1)At 1 p.m., Lin records an outside temperature of –14.8°F. At 3 p.m... she records the outside temperature and notices the temperature had increased by 22.6 degrees.
What was the temperature that she recorded at 3 p.m.? ( no multiple choice) *confused on this question*
2) (x - 16) + 5 = -15
This is not multiple choice but my answer is -11
3) 5 = –(–z + 3)
–8 *my answer*
8
-2
2
4) The temperature at the summit of Mt. Mansfield dropped 17°F between 4 p.m. and 11 p.m. The temperature at 11 p.m. was –11°F. What was the temperature at 4 p.m.?
17 – t = –11 *my answer*
t – 17 = –11
11 – 17 = t
17 + 11 = t
Thanks I was kinda confused on one or two
#1
-14.8 + 22.6 = 7.8
#2
(x - 16) + 5 = -15
x-16+5 = -15
x-11 = -15
x = -4
#3
5 = –(–z + 3)
5 = z-3
8 = z
#4
t - 17 = -11
Your choice is the situation where the temperature started at 17° and then decreased by t°.
1) To solve this question, we need to add the increase in temperature (22.6 degrees) to the initial temperature (-14.8°F).
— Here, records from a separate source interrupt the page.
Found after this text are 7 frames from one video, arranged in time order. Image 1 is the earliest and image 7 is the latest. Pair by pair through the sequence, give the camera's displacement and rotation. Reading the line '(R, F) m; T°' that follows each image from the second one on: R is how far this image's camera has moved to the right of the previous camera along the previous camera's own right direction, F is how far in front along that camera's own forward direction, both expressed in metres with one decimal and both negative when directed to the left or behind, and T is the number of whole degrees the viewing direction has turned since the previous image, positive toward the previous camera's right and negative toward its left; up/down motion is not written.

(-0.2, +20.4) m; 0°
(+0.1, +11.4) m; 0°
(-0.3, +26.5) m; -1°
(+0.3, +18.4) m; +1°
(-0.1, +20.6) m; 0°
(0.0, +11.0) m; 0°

Adding these two values together will give us the temperature recorded at 3 p.m.
So, -14.8°F + 22.6°F = 7.8°F
Therefore, the temperature recorded at 3 p.m. is 7.8°F.
2) To solve the equation (x - 16) + 5 = -15, we need to isolate the variable x.
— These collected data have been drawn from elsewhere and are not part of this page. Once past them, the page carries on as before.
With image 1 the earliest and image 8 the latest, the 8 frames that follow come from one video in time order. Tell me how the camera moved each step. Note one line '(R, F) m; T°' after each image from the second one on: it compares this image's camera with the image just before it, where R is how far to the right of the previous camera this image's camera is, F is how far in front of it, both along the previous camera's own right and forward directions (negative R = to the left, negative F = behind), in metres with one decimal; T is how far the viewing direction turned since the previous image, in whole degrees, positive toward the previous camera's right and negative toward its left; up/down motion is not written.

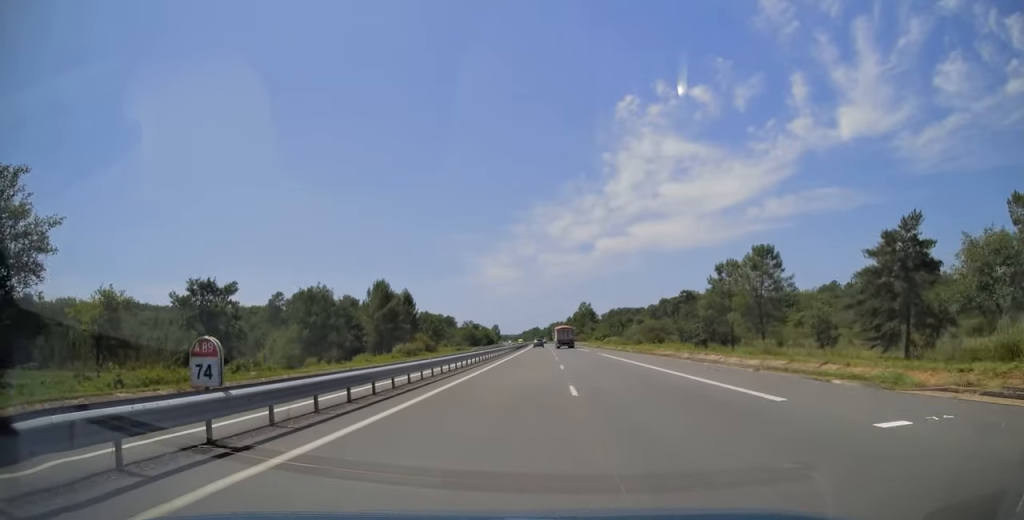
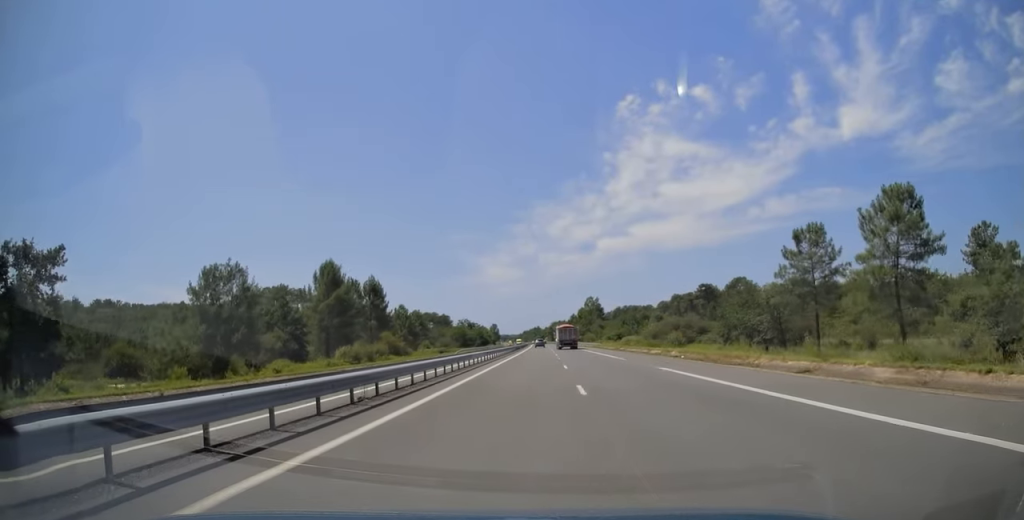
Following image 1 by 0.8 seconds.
(+0.3, +26.3) m; 0°
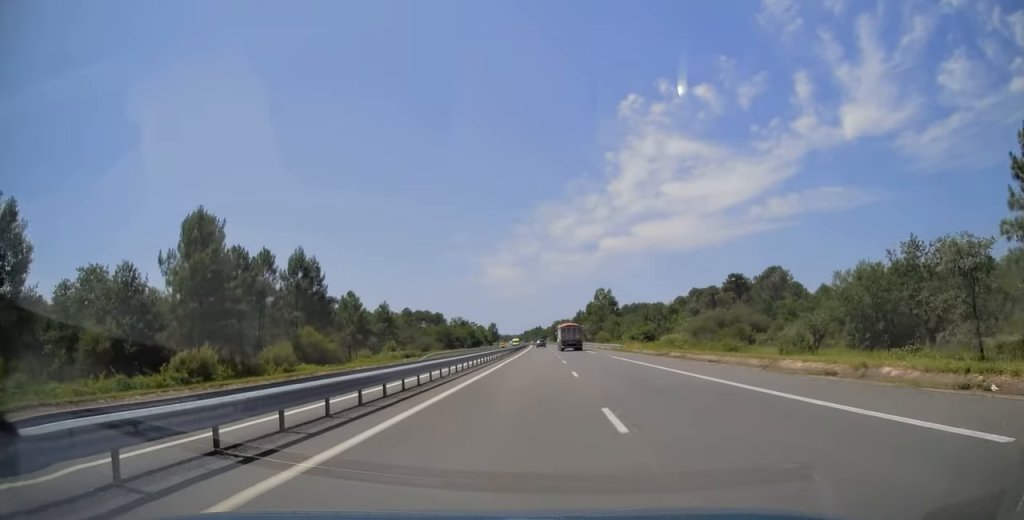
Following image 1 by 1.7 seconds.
(-0.4, +32.1) m; -1°
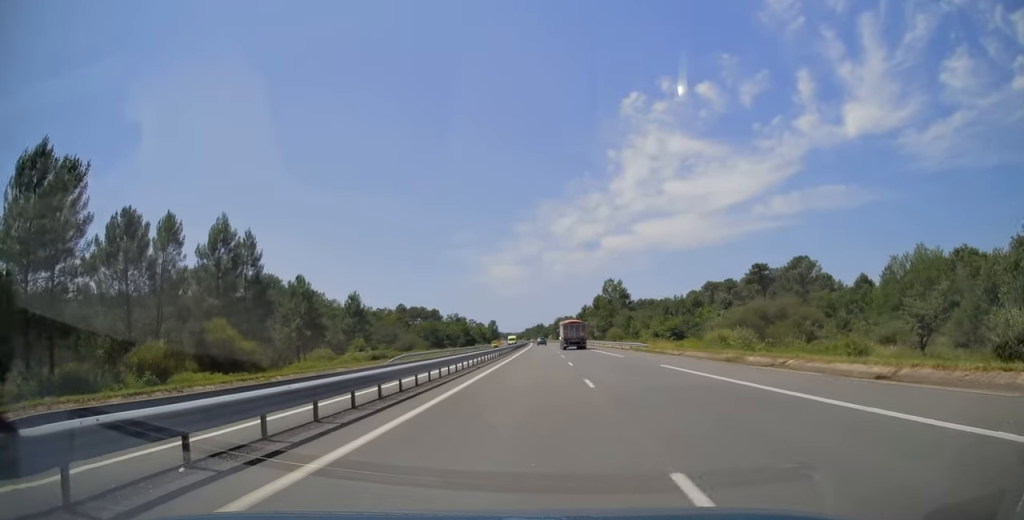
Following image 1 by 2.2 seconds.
(0.0, +18.9) m; 0°
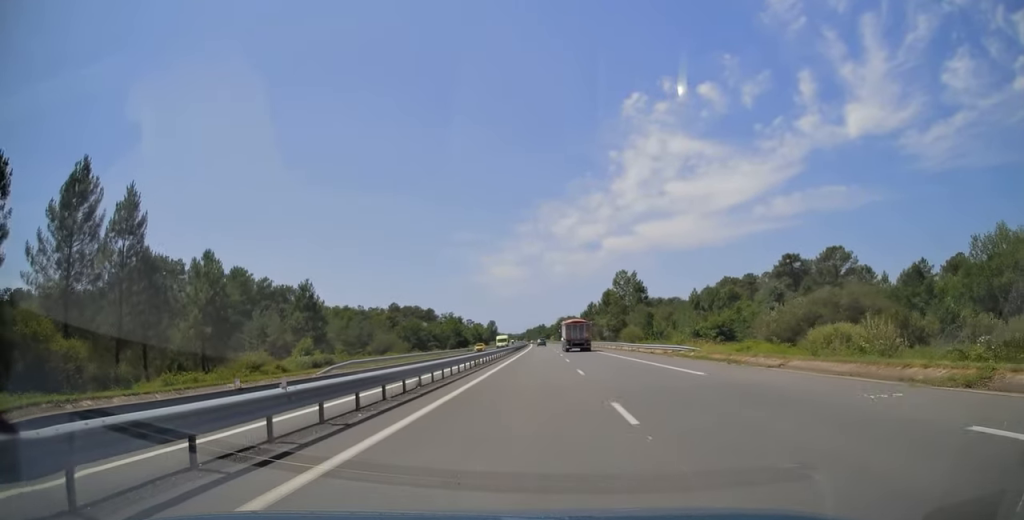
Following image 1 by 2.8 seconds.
(-0.1, +20.0) m; 0°
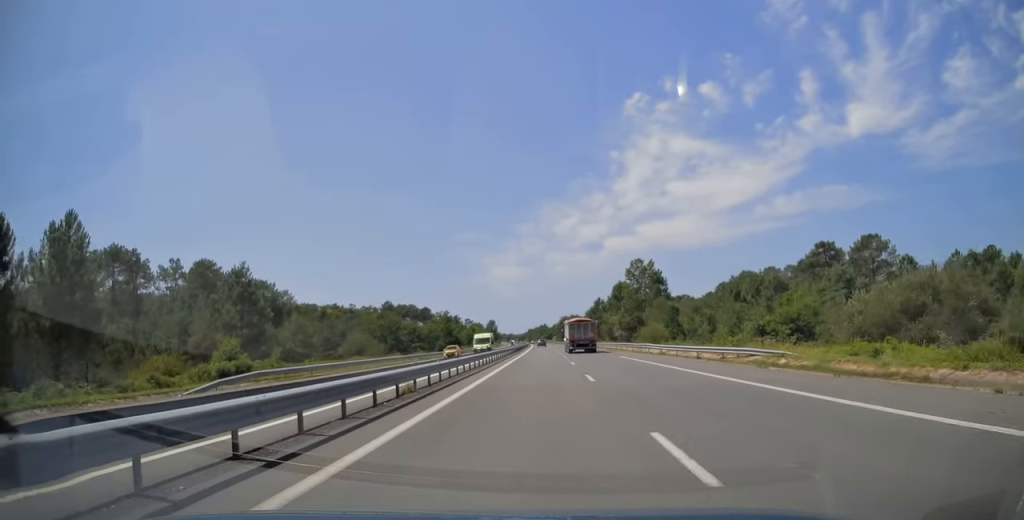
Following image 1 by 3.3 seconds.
(+0.2, +17.2) m; 0°
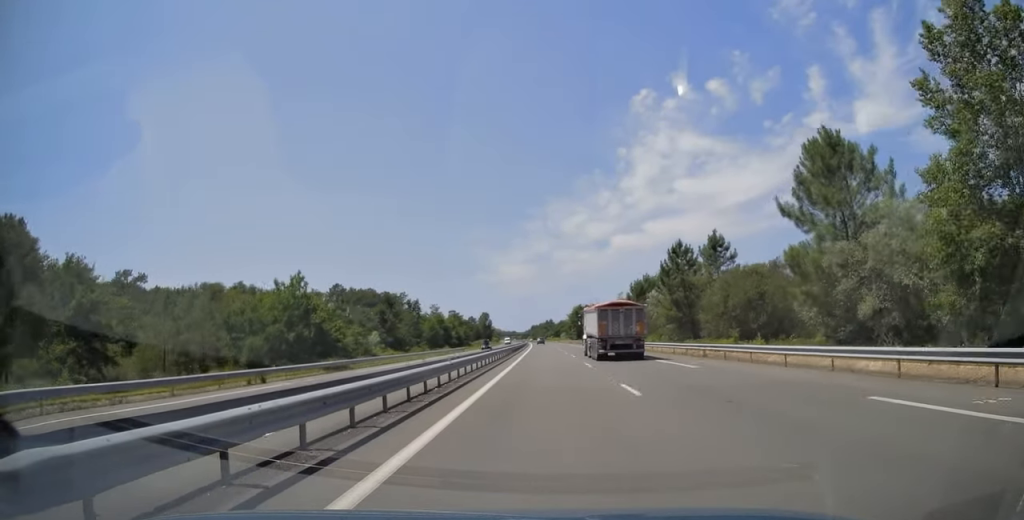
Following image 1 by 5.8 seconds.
(-1.7, +85.0) m; -2°
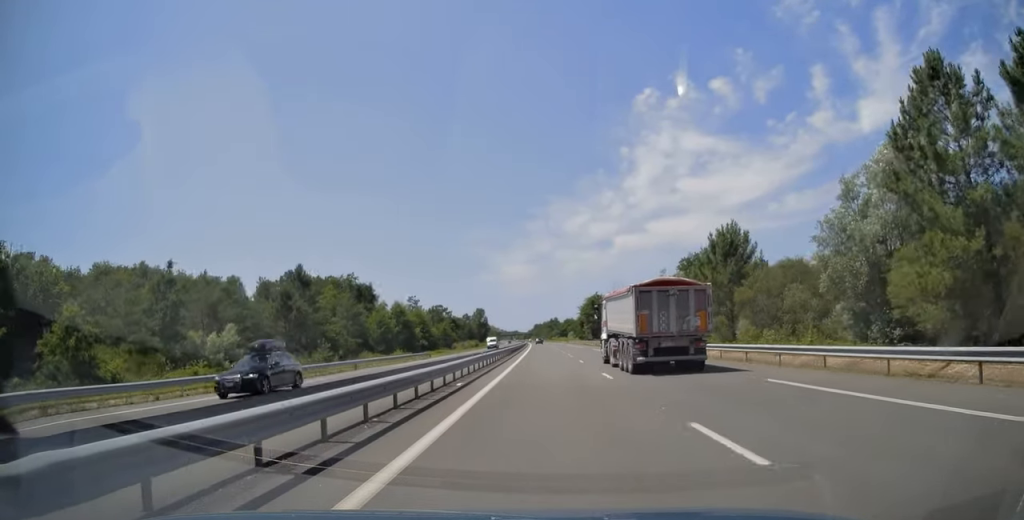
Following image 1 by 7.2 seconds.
(+0.4, +47.3) m; 0°

First, simplify the equation by combining like terms:
x - 16 + 5 = -15
x - 11 = -15
Next, isolate x by performing inverse operations. In this case, we add 11 to both sides of the equation:
x - 11 + 11 = -15 + 11
x = -4
So, the value of x is -4.
3) To solve the equation 5 = –(–z + 3), we need to isolate the variable z.
First, simplify the equation by using the rules of operations. Since there is a negative sign in front of the parentheses, we can distribute it:
5 = -(-z) + 3
Next, simplify further:
5 = z + 3
To isolate z, we subtract 3 from both sides of the equation:
5 - 3 = z + 3 - 3
2 = z
So, the value of z is 2.
4) To find the temperature at 4 p.m., we need to subtract the temperature drop (-17°F) from the temperature at 11 p.m. (-11°F).
In the equation 17 - t = -11, where t represents the temperature at 4 p.m., we can isolate t by performing inverse operations.
First, add 17 to both sides of the equation:
17 - t + 17 = -11 + 17
17 + 17 = t - 11
34 = t - 11
Next, add 11 to both sides of the equation:
34 + 11 = t - 11 + 11
45 = t
So, the temperature at 4 p.m. was 45°F.